Ieoh Ming Pei's extraordinary career, spanning seven decades, makes difficult to say for which of his buildings he is best known. Pei won a host of awards for his work, including the Royal Gold Medal, the AIA Gold Medal, the Presidential Medal of Freedom, the Praemium Imperiale and the 1983 Pritzker Prize.
Best known for designing the East Building of the National Gallery of Art in Washington. Pei’s buildings range from office towers to art museums to civic structures, and his distinct style evolved over time.

From, awesome projects as the Bank of China Tower in Hong Kong, completed in 1990, to his controversial addition to the Louvre, completed in 1989 which was greeted with hostility as a Modernist affront when it was first proposed as the main entrance to Paris’ Musée du Louvre, this 22-meter-high glass and stainless steel pyramid designed by I.M. Pei, FAIA, now rivals the Eiffel Tower as one of France’s most recognizable architectural icons.

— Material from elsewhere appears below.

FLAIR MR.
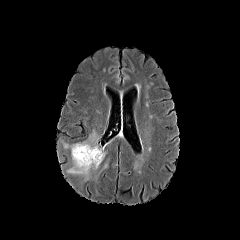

I.M. Pei born in Guangzhou (China) in 1917, son of a prominent banker, was one of the few architects who were equally attractive to real estate developers, corporate chieftains and art museum boards, Mr Pei is considered one of the great masters of architecture.

He formed his own studio, I.M. Pei & Associates, in 1955. His first projects were mainly for William Zeckendorf, feared real estate developer responsible for much of the urban landscape of New York, for whom he began working to big scale in 1948, shortly after graduating from Harvard.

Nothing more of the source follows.